## [WHAT IS REQUIRED]
What you should copy is the line containing "to the east, in order: Pine dominated mixed woodland; Tracks;" and all lines after it in the entries below, exactly and without anything added.
:: RECORDS SHOWN ::
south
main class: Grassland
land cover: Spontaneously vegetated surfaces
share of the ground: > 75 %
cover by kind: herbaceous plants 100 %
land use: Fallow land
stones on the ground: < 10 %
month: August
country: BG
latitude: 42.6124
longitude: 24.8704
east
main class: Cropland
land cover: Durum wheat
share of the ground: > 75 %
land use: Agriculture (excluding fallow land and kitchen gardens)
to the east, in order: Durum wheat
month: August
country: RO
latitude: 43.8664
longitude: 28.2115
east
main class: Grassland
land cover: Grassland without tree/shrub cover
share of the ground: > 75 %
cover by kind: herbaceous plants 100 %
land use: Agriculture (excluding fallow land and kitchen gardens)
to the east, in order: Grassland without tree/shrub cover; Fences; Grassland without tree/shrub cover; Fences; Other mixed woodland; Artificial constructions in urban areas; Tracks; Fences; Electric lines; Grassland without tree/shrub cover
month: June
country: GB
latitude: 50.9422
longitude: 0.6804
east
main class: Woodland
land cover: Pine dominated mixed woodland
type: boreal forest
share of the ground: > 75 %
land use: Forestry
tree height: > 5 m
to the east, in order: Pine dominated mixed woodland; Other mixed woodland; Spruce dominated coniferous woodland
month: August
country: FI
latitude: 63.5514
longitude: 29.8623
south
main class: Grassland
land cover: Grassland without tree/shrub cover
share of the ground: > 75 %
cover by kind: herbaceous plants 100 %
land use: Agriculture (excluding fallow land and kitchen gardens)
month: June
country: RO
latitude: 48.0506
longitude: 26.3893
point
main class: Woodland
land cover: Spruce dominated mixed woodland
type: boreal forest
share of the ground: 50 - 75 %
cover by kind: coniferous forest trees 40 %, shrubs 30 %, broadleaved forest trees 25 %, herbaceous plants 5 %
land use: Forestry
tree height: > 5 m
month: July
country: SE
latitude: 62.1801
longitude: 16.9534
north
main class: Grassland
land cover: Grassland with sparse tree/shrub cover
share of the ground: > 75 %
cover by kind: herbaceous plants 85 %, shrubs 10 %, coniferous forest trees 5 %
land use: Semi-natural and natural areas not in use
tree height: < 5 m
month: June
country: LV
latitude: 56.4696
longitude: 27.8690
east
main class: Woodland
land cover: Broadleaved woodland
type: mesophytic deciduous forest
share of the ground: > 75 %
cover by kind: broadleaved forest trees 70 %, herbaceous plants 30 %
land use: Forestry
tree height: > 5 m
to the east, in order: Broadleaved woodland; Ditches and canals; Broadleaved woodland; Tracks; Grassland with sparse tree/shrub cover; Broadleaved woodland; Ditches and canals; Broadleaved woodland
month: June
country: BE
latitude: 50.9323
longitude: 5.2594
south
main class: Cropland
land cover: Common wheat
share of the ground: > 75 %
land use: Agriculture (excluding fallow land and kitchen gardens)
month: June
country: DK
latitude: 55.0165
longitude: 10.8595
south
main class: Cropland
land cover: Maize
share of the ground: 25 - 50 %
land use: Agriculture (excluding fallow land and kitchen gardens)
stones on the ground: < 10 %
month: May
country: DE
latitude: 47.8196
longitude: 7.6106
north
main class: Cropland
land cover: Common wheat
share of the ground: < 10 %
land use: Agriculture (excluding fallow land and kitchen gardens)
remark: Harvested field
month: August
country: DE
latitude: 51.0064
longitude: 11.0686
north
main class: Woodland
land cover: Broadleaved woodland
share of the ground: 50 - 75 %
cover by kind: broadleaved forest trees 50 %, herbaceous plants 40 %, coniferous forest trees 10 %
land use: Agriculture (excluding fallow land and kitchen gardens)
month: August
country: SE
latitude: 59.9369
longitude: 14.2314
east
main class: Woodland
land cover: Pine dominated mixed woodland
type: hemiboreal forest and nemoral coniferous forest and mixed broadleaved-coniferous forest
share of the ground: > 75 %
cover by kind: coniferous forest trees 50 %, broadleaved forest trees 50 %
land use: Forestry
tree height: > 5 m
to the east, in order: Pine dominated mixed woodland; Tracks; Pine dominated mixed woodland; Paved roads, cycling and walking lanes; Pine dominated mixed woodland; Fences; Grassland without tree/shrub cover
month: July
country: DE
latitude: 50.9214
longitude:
:::
## [RESULT FOR THIS TASK]
to the east, in order: Pine dominated mixed woodland; Tracks; Pine dominated mixed woodland; Paved roads, cycling and walking lanes; Pine dominated mixed woodland; Fences; Grassland without tree/shrub cover
month: July
country: DE
latitude: 50.9214
longitude:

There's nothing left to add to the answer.